[Records drawn from a dataset]
..............................

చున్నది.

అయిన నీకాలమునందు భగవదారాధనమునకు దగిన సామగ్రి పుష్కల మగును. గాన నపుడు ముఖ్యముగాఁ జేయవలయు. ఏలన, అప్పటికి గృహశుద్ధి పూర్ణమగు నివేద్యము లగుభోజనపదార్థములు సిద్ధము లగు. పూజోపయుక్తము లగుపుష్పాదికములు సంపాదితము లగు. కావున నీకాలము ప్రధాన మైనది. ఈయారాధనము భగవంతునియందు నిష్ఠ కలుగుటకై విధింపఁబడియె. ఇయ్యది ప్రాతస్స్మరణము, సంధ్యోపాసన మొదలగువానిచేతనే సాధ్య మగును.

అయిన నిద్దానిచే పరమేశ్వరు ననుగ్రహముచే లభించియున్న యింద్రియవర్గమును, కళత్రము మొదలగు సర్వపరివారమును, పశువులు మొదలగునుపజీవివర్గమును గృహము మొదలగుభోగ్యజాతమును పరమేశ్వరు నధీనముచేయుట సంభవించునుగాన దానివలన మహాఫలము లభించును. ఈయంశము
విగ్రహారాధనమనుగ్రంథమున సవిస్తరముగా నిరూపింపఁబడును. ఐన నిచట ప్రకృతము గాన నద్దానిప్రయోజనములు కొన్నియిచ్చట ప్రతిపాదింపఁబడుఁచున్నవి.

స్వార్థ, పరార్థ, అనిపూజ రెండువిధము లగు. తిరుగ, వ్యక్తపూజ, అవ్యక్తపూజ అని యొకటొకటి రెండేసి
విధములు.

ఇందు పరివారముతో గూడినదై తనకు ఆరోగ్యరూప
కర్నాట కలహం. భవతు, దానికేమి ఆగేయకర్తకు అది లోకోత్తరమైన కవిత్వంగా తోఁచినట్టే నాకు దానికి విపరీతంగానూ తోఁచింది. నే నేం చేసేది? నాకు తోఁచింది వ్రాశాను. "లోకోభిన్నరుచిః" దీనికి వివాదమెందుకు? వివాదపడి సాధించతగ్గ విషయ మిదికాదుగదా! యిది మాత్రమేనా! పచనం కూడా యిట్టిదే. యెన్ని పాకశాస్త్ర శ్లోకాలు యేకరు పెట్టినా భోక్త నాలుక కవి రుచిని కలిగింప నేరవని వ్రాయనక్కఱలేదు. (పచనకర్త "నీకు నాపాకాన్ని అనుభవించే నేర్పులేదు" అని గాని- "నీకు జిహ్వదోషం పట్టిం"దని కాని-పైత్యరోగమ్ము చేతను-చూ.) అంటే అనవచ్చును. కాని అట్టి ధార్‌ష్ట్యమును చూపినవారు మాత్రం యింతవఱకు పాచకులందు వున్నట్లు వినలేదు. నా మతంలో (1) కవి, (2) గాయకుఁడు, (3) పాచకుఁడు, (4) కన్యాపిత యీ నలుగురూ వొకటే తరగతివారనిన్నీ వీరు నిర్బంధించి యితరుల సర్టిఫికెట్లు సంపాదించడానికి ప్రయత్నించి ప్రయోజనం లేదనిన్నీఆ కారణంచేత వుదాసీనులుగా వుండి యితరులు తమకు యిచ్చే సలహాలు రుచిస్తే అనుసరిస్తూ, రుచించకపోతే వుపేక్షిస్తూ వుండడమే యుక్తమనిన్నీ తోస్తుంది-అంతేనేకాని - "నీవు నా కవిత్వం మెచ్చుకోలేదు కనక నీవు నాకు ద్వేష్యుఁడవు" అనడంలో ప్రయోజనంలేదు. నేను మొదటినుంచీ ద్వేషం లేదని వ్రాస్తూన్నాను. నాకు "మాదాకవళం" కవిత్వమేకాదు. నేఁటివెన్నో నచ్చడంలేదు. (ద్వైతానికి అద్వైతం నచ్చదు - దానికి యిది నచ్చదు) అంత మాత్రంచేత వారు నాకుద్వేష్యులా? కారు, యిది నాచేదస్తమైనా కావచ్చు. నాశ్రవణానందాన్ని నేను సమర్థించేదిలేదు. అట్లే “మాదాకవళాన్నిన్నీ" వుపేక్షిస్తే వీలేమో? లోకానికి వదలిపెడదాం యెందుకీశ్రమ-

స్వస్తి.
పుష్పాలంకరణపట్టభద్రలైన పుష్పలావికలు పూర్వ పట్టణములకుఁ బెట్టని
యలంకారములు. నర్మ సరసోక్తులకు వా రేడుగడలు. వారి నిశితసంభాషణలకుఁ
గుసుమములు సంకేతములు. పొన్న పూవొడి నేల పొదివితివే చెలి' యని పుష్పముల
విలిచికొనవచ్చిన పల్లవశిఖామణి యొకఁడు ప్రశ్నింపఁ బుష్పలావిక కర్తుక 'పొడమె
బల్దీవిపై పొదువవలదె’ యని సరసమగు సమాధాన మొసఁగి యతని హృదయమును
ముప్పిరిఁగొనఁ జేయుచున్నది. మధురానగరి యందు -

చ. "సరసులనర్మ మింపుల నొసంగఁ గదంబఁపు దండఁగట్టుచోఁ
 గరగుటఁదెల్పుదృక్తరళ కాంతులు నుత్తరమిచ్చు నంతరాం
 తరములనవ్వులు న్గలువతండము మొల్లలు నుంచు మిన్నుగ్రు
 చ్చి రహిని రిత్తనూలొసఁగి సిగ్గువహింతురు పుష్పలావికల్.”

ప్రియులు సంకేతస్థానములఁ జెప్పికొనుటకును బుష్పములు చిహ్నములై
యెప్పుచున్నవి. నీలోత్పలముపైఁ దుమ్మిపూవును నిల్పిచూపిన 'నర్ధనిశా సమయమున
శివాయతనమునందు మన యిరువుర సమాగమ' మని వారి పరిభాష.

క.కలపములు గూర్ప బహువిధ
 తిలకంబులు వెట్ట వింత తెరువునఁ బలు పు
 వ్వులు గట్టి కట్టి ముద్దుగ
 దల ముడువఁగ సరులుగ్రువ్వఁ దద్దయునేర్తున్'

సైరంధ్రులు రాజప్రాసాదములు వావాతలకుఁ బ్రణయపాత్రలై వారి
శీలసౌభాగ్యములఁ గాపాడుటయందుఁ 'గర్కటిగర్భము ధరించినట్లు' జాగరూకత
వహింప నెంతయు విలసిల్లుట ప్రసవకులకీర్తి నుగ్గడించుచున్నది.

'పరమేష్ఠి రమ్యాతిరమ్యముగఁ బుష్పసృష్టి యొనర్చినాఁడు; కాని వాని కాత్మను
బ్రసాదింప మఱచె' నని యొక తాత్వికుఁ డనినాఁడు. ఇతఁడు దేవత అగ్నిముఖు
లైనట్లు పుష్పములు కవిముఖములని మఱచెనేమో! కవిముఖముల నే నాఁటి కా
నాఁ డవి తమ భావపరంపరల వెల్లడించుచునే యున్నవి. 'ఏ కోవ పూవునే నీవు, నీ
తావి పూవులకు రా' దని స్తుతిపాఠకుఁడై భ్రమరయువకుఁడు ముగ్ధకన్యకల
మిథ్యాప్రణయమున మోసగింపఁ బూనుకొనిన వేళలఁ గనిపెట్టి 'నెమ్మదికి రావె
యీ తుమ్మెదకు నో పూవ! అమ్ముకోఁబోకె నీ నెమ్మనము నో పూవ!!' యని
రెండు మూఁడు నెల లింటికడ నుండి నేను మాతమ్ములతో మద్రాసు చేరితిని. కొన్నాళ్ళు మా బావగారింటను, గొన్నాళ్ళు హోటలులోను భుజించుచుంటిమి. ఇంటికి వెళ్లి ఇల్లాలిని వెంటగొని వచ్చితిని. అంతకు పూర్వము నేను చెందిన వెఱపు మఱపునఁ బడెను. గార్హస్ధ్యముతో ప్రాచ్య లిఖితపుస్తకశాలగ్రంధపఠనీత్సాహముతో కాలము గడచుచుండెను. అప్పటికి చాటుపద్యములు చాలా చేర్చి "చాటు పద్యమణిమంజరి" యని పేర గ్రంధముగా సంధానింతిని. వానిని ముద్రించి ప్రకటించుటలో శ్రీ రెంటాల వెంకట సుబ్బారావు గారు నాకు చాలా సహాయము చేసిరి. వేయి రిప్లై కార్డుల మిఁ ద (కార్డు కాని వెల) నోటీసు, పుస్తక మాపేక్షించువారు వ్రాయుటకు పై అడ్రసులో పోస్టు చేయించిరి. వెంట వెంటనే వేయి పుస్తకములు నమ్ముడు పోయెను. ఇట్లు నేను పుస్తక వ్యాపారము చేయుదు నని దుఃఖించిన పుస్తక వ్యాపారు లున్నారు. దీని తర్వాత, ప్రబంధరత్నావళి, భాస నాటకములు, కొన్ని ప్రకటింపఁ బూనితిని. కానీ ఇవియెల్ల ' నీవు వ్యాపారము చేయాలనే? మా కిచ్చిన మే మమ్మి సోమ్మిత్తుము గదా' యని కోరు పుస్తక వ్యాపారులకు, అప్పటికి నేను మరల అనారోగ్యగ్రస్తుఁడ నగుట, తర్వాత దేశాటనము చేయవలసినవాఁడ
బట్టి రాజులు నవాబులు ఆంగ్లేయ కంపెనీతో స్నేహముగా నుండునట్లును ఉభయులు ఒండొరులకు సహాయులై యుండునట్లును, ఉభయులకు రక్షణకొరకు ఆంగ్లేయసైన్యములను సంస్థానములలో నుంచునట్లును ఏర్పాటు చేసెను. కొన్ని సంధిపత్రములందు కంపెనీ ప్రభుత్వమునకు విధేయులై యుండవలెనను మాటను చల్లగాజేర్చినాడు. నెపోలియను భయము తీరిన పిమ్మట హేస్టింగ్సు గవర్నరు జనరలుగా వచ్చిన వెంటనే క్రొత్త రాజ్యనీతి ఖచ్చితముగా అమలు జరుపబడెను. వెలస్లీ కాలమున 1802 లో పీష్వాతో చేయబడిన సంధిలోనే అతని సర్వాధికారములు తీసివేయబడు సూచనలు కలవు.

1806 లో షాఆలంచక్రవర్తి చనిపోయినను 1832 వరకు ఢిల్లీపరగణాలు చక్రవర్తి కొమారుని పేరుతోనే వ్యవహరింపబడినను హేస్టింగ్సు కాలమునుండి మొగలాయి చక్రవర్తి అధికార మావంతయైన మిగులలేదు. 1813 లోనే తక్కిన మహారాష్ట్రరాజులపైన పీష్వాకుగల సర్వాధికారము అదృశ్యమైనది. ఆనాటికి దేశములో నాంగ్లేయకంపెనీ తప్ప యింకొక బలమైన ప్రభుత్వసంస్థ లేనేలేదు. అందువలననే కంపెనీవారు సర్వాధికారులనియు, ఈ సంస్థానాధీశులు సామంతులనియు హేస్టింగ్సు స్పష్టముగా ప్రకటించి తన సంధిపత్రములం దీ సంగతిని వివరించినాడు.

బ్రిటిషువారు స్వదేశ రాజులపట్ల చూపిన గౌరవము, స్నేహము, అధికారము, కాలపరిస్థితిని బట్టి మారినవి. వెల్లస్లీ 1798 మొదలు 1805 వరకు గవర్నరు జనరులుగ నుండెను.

..............................

Work instruction: Lines from the beginning of the data above through the line containing "అయిన నిద్దానిచే పరమేశ్వరు" are to be returned exactly, and no others.

Result of this task:
చున్నది.

అయిన నీకాలమునందు భగవదారాధనమునకు దగిన సామగ్రి పుష్కల మగును. గాన నపుడు ముఖ్యముగాఁ జేయవలయు. ఏలన, అప్పటికి గృహశుద్ధి పూర్ణమగు నివేద్యము లగుభోజనపదార్థములు సిద్ధము లగు. పూజోపయుక్తము లగుపుష్పాదికములు సంపాదితము లగు. కావున నీకాలము ప్రధాన మైనది. ఈయారాధనము భగవంతునియందు నిష్ఠ కలుగుటకై విధింపఁబడియె. ఇయ్యది ప్రాతస్స్మరణము, సంధ్యోపాసన మొదలగువానిచేతనే సాధ్య మగును.

అయిన నిద్దానిచే పరమేశ్వరు ననుగ్రహముచే లభించియున్న యింద్రియవర్గమును, కళత్రము మొదలగు సర్వపరివారమును, పశువులు మొదలగునుపజీవివర్గమును గృహము మొదలగుభోగ్యజాతమును పరమేశ్వరు నధీనముచేయుట సంభవించునుగాన దానివలన మహాఫలము లభించును. ఈయంశము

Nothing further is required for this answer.